Rather, I hope your worry is the future state of our great country and the abysmal economy that all of us will soon find ourselves graduating into.

According to the Congressional Budget Office, in August the unemployment rate will remain more than 8 percent until at least 2014. When you break that statistic down by age, the current unemployment rate among 16- to 25-year-olds is a staggering 18.1 percent, the highest of any age bracket.

What does this mean for you and me? If there are any jobs to be found, competition for them is fierce. As will most likely be the case, jobs will go to those with the most experience.

Using this frame of reference, my appeal to all of you is to consider carefully who you will vote for next year. If you were able to vote for Obama in 2008, do not make the same mistake and vote for him again just because it was cool to do so in 2008.

Don’t let the Left-wingers on MSNBC or the Right-wingers on Fox make up your mind for you. Rather, take an hour or two of your life to read up on the alternatives and make up your own mind.

As the chairman of the College Republicans, I get asked all the time what the Democrats have done wrong and what I would have done differently. I tell them some of the following:

First, I would not have shoved a $1 trillion healthcare mandate onto the back of an already uncertain economy.

It truly is a failed piece of public policy, with the exceptions of making insurance companies allow pre-existing conditions for kids and allowing young people to stay on their parents’ insurance policies until they are 26.

It fails miserably at achieving its intended purpose: making health care more affordable. I would not have filled the National Labor Relations Board (NLRB) with a bunch of Big Labor union hacks.

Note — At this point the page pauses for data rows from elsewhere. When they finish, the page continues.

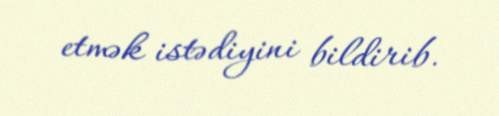
etmək istədiyini bildirib.
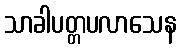
သာခါပတ္တပလာသေန
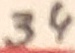
Text: 34
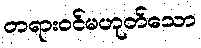
တရားဝင်မဟုတ်သော
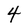
Character: 4
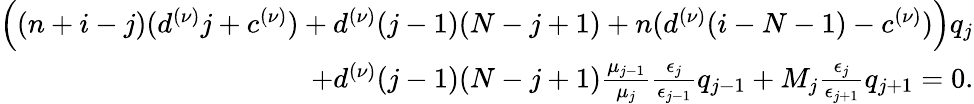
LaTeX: \begin{array}{r}{\Big((n+i-j)(d^{(\nu)}j+c^{(\nu)})+d^{(\nu)}(j-1)(N-j+1)+n(d^{(\nu)}(i-N-1)-c^{(\nu)})\Big)q_{j}}\\ {+d^{(\nu)}(j-1)(N-j+1)\frac{\mu_{j-1}}{\mu_{j}}\frac{\epsilon_{j}}{\epsilon_{j-1}}q_{j-1}+M_{j}\frac{\epsilon_{j}}{\epsilon_{j+1}}q_{j+1}=0.}\end{array}
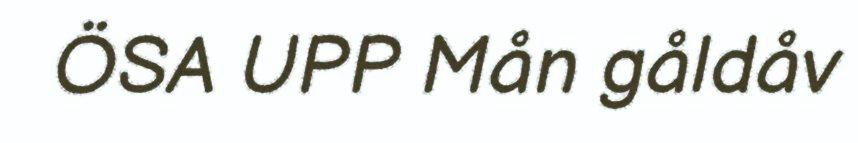
ÖSA UPP Mån gåldåv
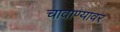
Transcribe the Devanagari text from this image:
चावाण्यावर
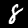
Digit: 8
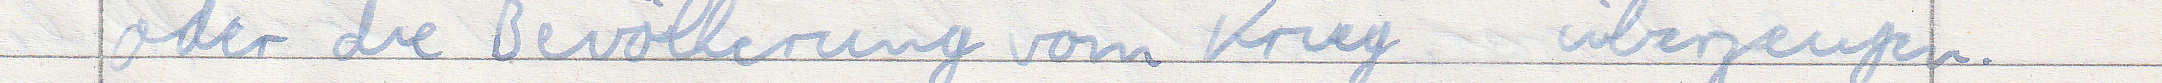
oder die Bevölkerung vom Krieg überzeugen.
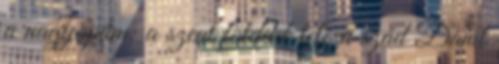
a nagyapám: a szent földdel tele a szád Danit
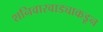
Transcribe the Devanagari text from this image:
शनिवारवाड्याकडून
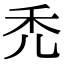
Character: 秃

What resulted was an unprecedented intervention by the NLRB, which told Boeing it could not start a new manufacturing facility in South Carolina because it was a Right-to-Work state. The facility would have provided an additional 4,000 jobs.

I would have taken the lead with both parties in Congress to ensure that an annual federal budget was passed. The furious debate about the future state of our nation’s Treasury began way before Republicans took back the house in January.

Just last year, Speaker of the House Nancy Pelosi was the leader of the first Congress to not pass a budget since modern budgeting began decades ago. Sunday marked the 900th day since Senate Democrats have passed a budget.

What’s bewildering is this was all done by a government unified with Obama in the White House and clear Democratic majorities in both chambers of Congress.

Blaming our August AAA downgrade by S&P rating agency on House Republicans? I would ask you to think about that one again.

I would have not put an envirostatist in charge of the EPA. Recently, it threatened to shut down many of our nation’s coal-fired power plants, which would have led to as much as an 8 percent reduction in our nation’s energy output.

Instead, I would get the EPA off the backs of American business and push the nation forward on a path of energy independence. This can be achieved through harvesting our own natural resources, streamlining unnecessary bureaucratic red tape and building a new energy infrastructure that can accommodate renewable energy such as wind and solar.

While I will always respect the president and his service to our country, there has to come a point when we as the people have a right to not hire him for another term. While he did inherit a mess, I think it is time to stop blaming ‘the past eight years,’ and take some ownership of the current situation.